Beautiful Eau de Toilette (Estée Lauder)

I never liked the ad campaigns for Beautiful. They tend to feature brides and grooms and flower girls, their Photoshopped faces illuminated by heavenly sunbeams streaming through lace curtains. For some reason, this green floral from 1986 is pegged by its creators as a "wedding floral", a dubious call made before anyone else can make that determination for themselves. That's unfortunate, because when I think of wedding florals, I think of unwearably-synthetic white floral bouquets, indoles piled a mile high, with the requisite screechiness and rubbery drydowns - the original Sung, for example. There's this western idea that a bride must wear floral bouquets, mostly of tuberose, rose, jasmine, and ylang, lest her maidenhood be sullied by (gasp!) - harsh citrus, masculine woods, prostitute-grade ethyl maltol - all before the cad-in-waiting can get his mitts on her. It would be refreshing to read that a girl wore Bois du Portugal or Giorgio, or some trashy boudoir water to her wedding, instead of all that frilly-frop crap. Perhaps she'll wear something like that to mine, whenever that is.

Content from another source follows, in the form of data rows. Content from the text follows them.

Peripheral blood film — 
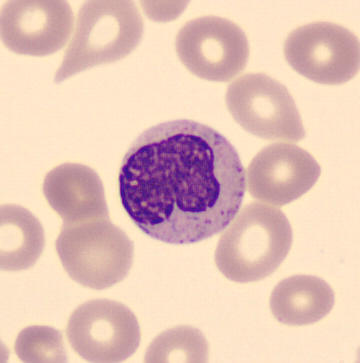 Specimen: peripheral blood film.
Morphological class: metamyelocyte.
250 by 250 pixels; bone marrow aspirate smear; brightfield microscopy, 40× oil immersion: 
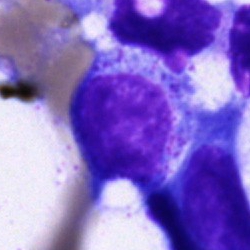

Classification: myelocyte.
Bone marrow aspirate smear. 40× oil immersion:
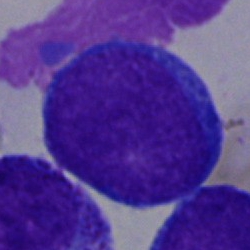 A blast cell.
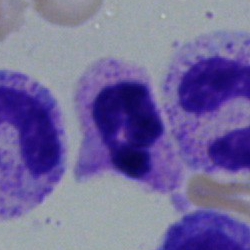 This is a neutrophil (segmented).
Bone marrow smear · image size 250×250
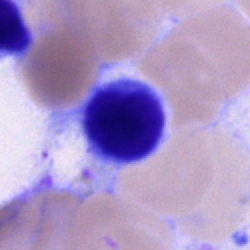

Q: What is the morphological classification of this cell?
A: This is a lymphocyte.

Beautiful's aroma chemicals are nicely blended in an abstract interpretation of potted greenery. As it dries down, the headiness of its white-floral intro subsides a bit, and a cool shimmer of muguet and orange blossom emerges, exuding decidedly greener airs. I enjoy the heart stage the most, as it's the greenest part. Eventually a gentle sandalwood and vetiver base asserts itself, and supports Beautiful's rich sweetness with load-bearing authority. The sandalwood is some sort of reconstruction, perhaps using Ambroxan, but it's hard to tell with all the residual floral notes. True to Lauder form, this one exhibits the wonders of a synthetic green-floral done right, but it does feel rather stodgy. Ladies, it's certainly okay to wear this on the big day, but only because weddings are about love and commitment, two serious topics that aren't fully addressed by the sexy-trashy attitudes of Paris and LouLou. For a shotgun wedding, I'd go with those two instead. Hey, if you HAVE to get hitched, you might as well have fun consummating it. Beautiful is many things, but fun it ain't.